5.11 Key Implementation Decisions
| Decision | Options | Recommendation | Rationale | |———-|———|—————-|———–| | Parsing depth | Full frame vs headers only | Headers + SSID | Enough for analysis | | Logging | Per-frame vs summary | Summary | Avoid UART saturation | | Channel dwell | 50 ms vs 200 ms | 200 ms | Capture beacons reliably |
6. Testing Strategy
6.1 Test Categories
| Category | Purpose | Examples | |———-|———|———-| | Unit Tests | Parser correctness | SSID extraction | | Integration Tests | Live capture | Beacon logs | | Edge Case Tests | Hidden SSID | Empty SSID handling |
6.2 Critical Test Cases
- Beacon Parsing: SSID and BSSID extracted correctly.
- Hidden SSID: Parser handles empty SSID safely.
- Queue Overflow: Logs drop count without crashing.
6.3 Test Data
SSID="TestNet"
BSSID=aa:bb:cc:dd:ee:ff
7. Common Pitfalls & Debugging
7.1 Frequent Mistakes
| Pitfall | Symptom | Solution | |——–|———|———-| | Parsing beyond buffer | Crash or garbage SSID | Add bounds checks | | Heavy callback | Watchdog resets | Move parsing to task | | Channel mismatch | Missing networks | Use hopping or set correct channel |
7.2 Debugging Strategies
- Start on a single channel and compare with a known AP.
- Use Wireshark on a laptop to validate frame parsing.
7.3 Performance Traps
- Logging every frame overwhelms UART and slows capture.
8. Extensions & Challenges
8.1 Beginner Extensions
- Count data frames vs management frames.
- Add a simple RSSI average per SSID.
8.2 Intermediate Extensions
- Detect probe requests and log client MACs.
- Track channel utilization over time.
8.3 Advanced Extensions
- Export captures in PCAP format.
- Implement a small web UI to visualize stats.
9. Real-World Connections
9.1 Industry Applications
- Wi-Fi site surveys and troubleshooting.

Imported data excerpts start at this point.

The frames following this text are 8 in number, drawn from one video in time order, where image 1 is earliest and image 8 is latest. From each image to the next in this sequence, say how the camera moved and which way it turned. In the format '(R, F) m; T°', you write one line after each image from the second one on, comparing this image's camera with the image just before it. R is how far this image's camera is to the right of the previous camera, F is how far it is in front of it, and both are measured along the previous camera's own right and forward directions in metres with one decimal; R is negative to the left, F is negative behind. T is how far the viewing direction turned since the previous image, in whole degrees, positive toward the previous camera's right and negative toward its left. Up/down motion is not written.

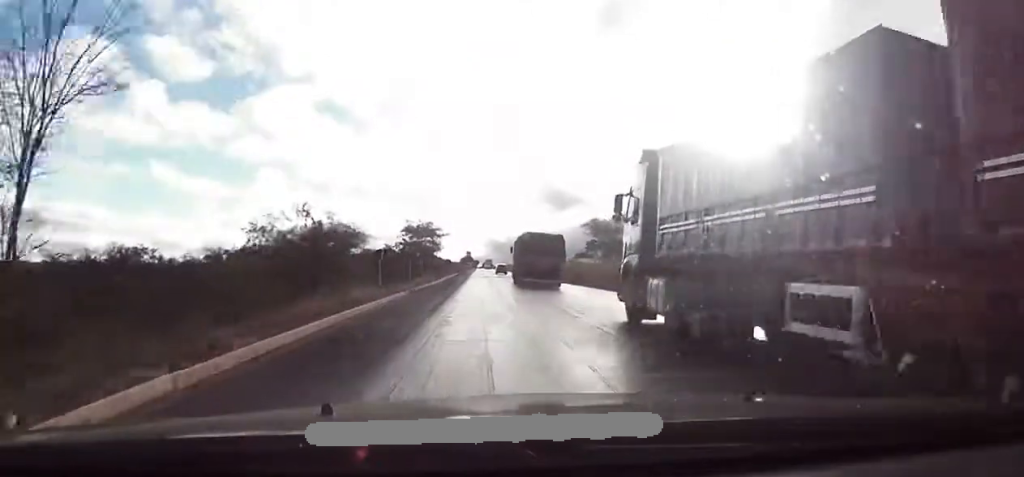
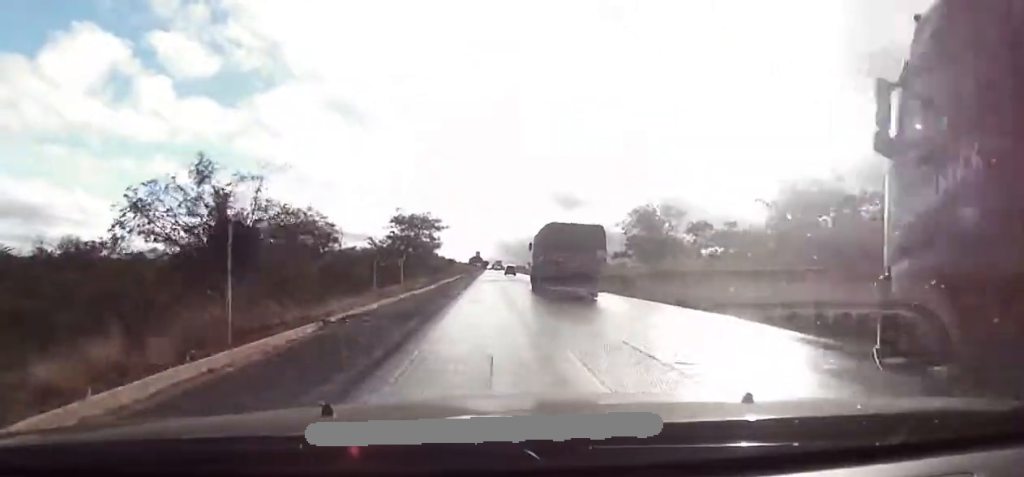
(0.0, +18.1) m; 0°
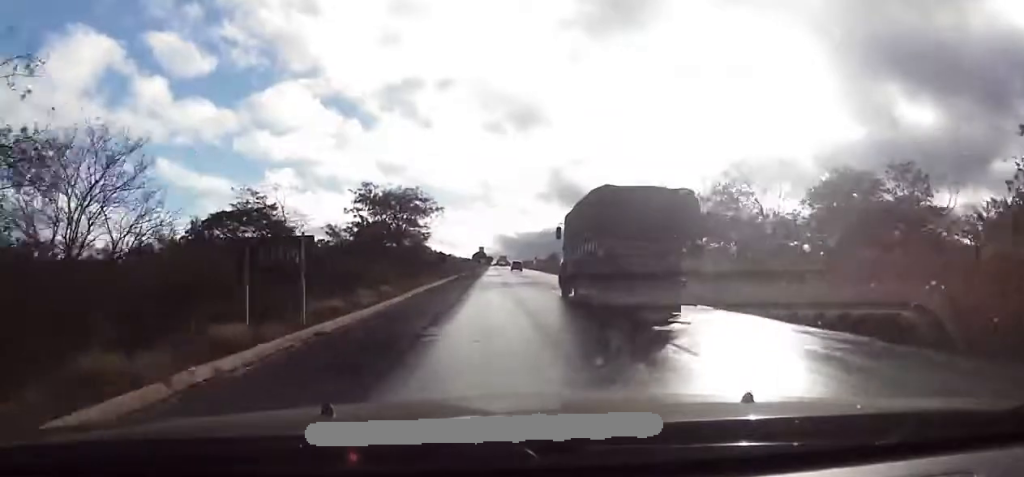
(+0.2, +19.7) m; 0°
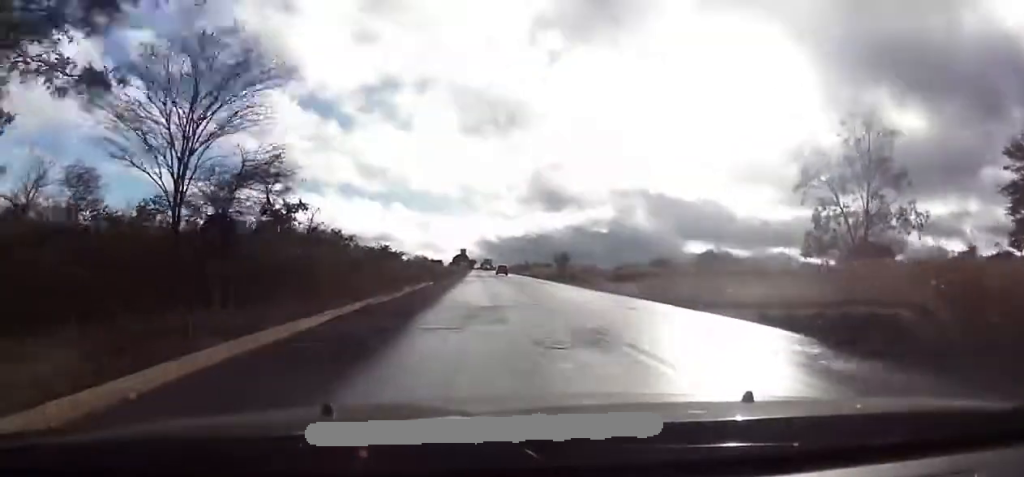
(-0.4, +46.0) m; 0°
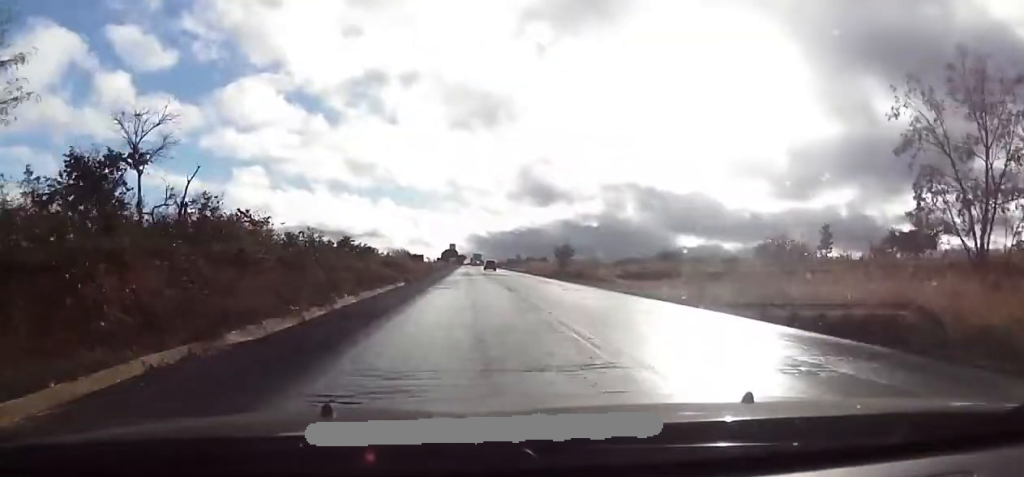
(-0.2, +14.5) m; +1°
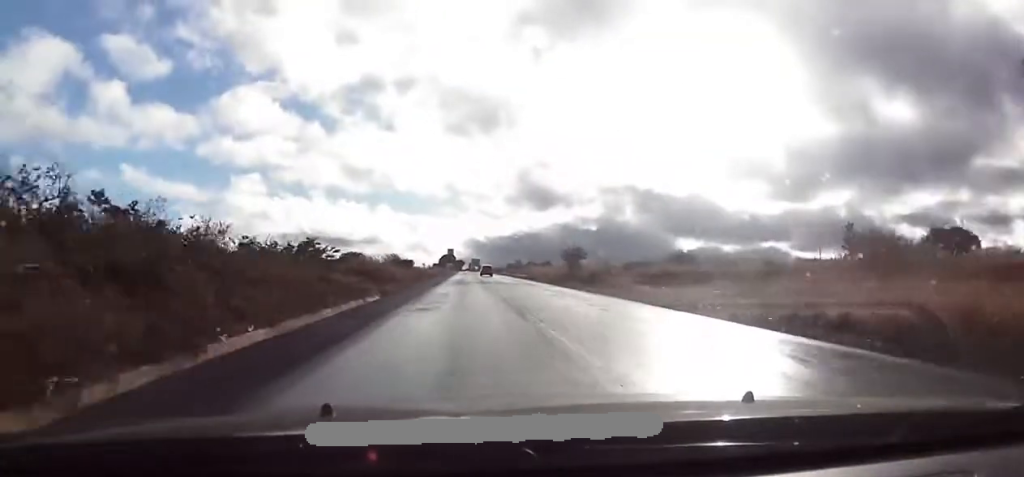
(+0.4, +10.9) m; 0°
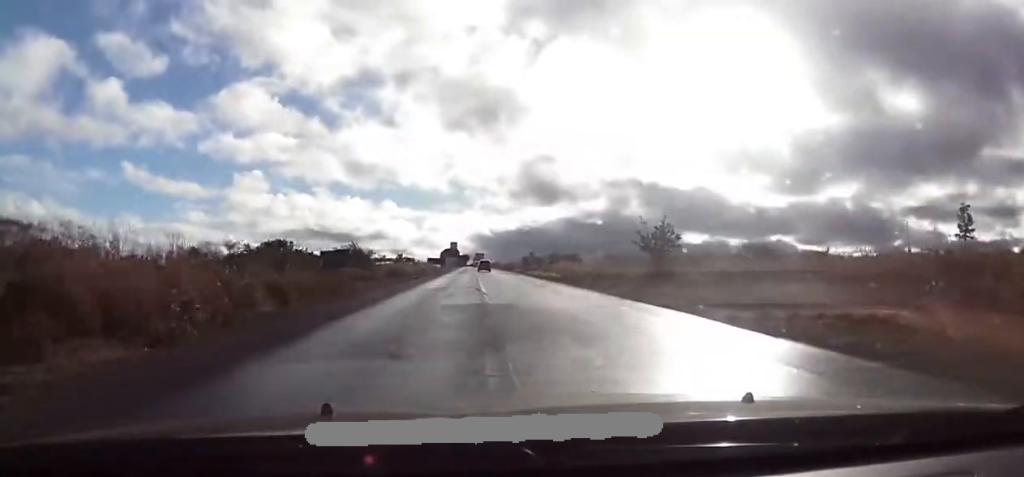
(-0.3, +36.3) m; -1°
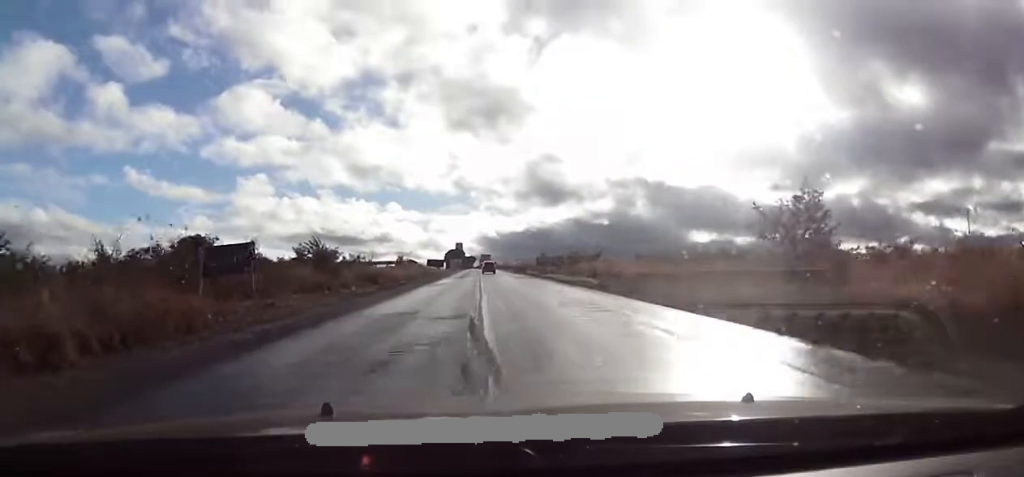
(+0.3, +18.2) m; 0°
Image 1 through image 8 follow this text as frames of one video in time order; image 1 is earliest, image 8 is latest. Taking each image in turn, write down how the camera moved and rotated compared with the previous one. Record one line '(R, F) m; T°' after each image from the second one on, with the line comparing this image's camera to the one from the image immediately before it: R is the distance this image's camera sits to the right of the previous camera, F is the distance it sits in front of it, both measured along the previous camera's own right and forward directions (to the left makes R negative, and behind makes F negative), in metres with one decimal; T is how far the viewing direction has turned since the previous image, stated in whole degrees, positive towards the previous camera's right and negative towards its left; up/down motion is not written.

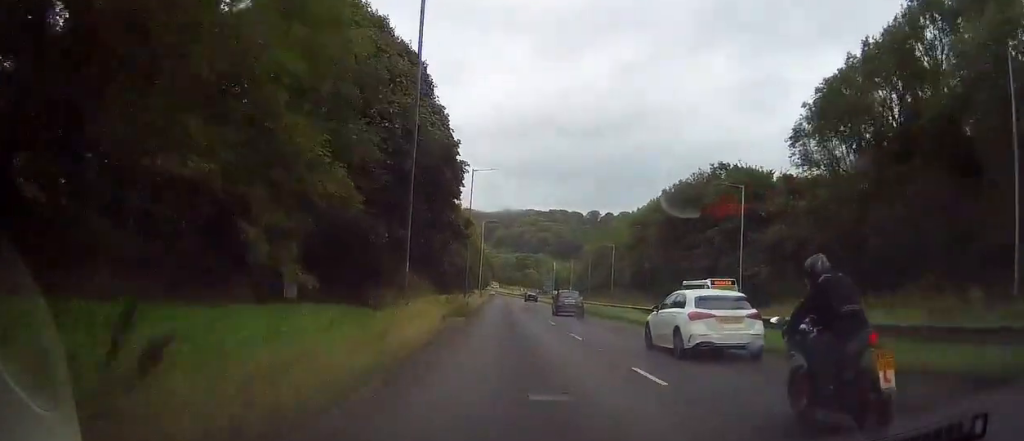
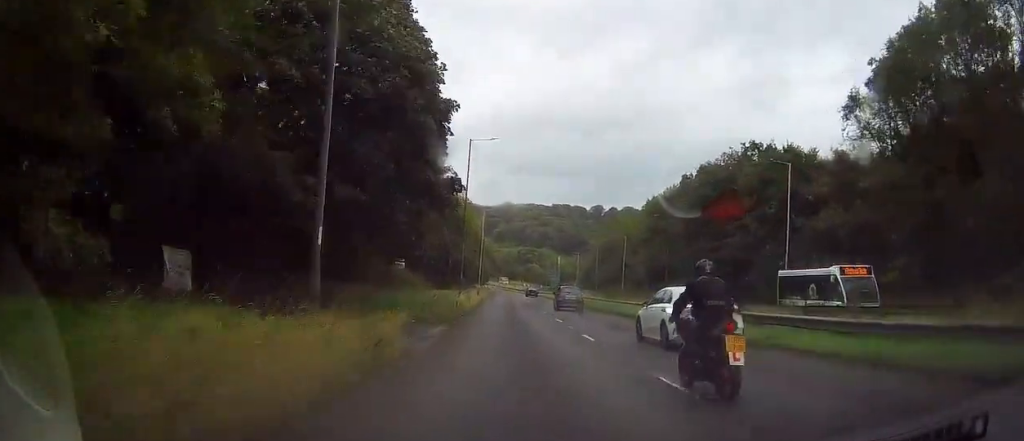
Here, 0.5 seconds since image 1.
(0.0, +10.6) m; 0°
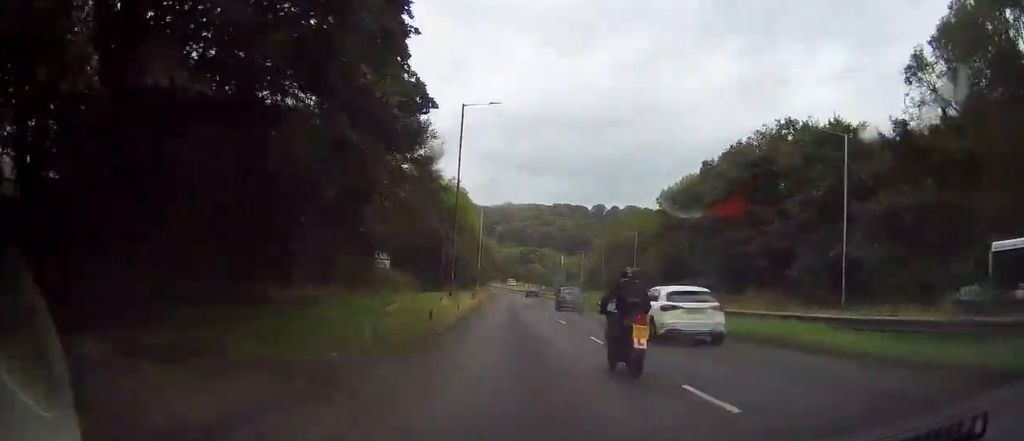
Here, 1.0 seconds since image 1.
(0.0, +10.1) m; 0°
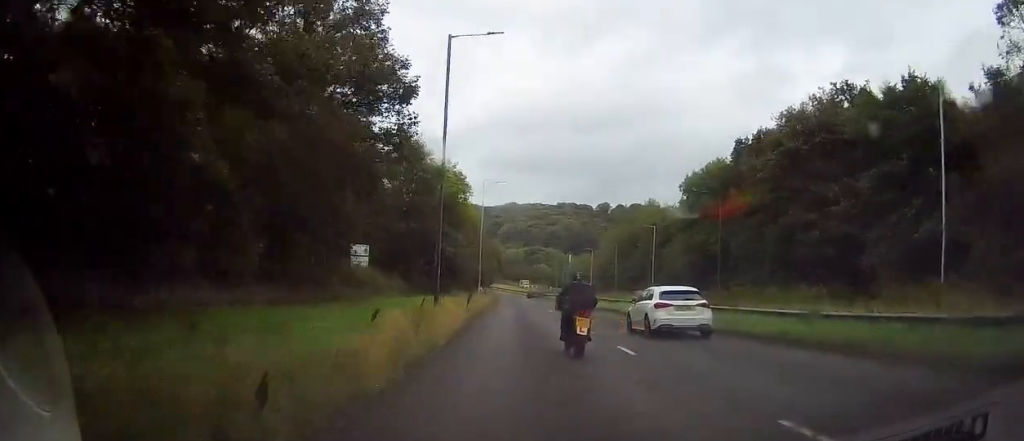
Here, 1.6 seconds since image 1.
(0.0, +12.2) m; 0°
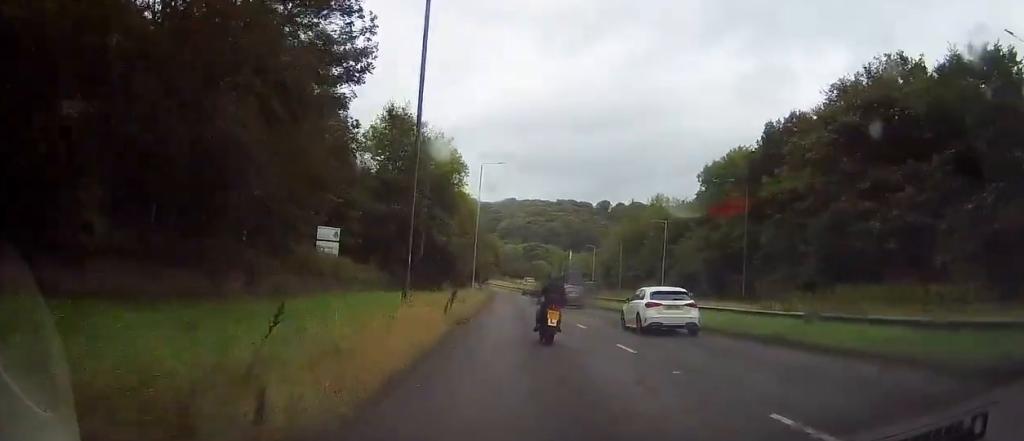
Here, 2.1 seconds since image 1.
(0.0, +8.8) m; +1°
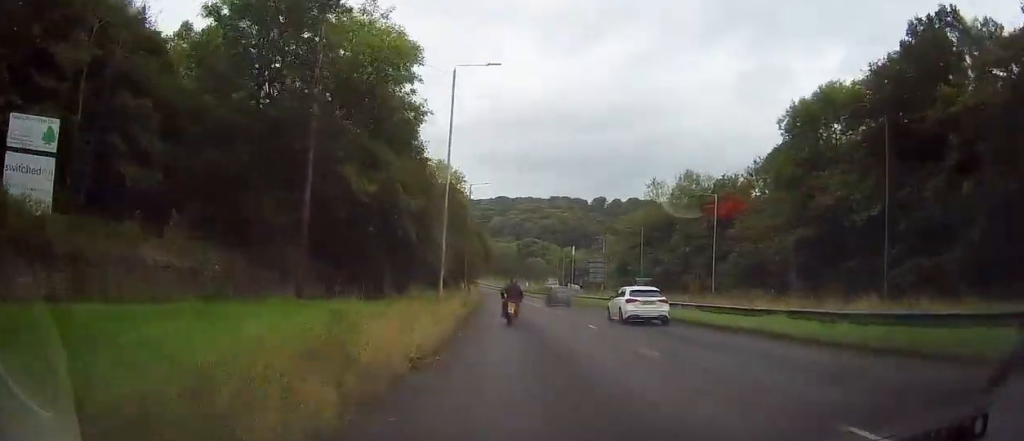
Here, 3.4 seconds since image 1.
(+0.5, +27.9) m; +1°
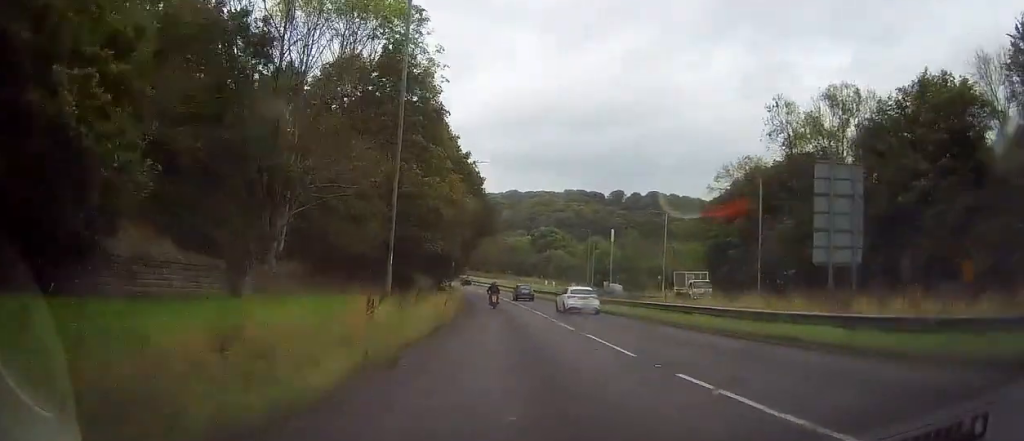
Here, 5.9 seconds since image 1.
(-0.8, +51.9) m; 0°
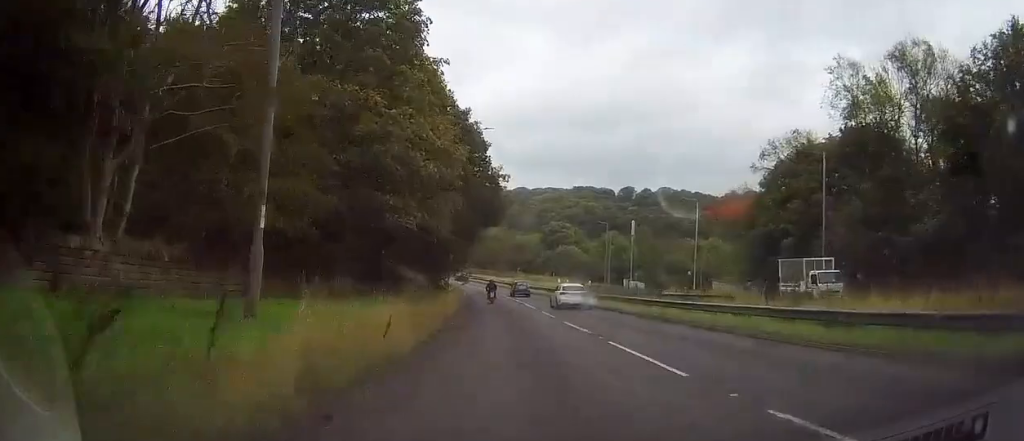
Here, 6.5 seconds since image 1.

- Security monitoring for rogue AP detection.
9.2 Related Open Source Projects
- Kismet - wireless detector and sniffer.
- Aircrack-ng - Wi-Fi analysis tools.
9.3 Interview Relevance
- 802.11 frame parsing and wireless debugging are advanced interview topics.
10. Resources
10.1 Essential Reading
- 802.11 frame format documentation
- ESP-IDF Wi-Fi promiscuous API docs
10.2 Video Resources
- “Wi-Fi Frame Analysis” (tutorial)
- “Promiscuous Mode on ESP32” (talk)
10.3 Tools & Documentation
- Wireshark
- ESP-IDF Wi-Fi API reference
10.4 Related Projects in This Series
- P03 ESP-NOW Remote - MAC layer understanding
- P10 Web Oscilloscope - real-time data streaming
11. Self-Assessment Checklist
11.1 Understanding
- I can identify beacon and probe frames.
- I can parse SSID IEs safely.
- I can design a channel hopping schedule.
11.2 Implementation
- Sniffer runs without watchdog resets.
- Logs show SSIDs and RSSI.
- Channel stats are updated each second.
11.3 Growth
- I can explain tradeoffs between capture depth and performance.
- I can extend parsing to new frame types.
12. Submission / Completion Criteria
Minimum Viable Completion:
- Capture and parse beacon frames on one channel.
Full Completion:
- Channel hopping with per-channel statistics.
Excellence (Going Above & Beyond):
- PCAP export or visualization dashboard.
- Advanced parsing of probe requests and data frames.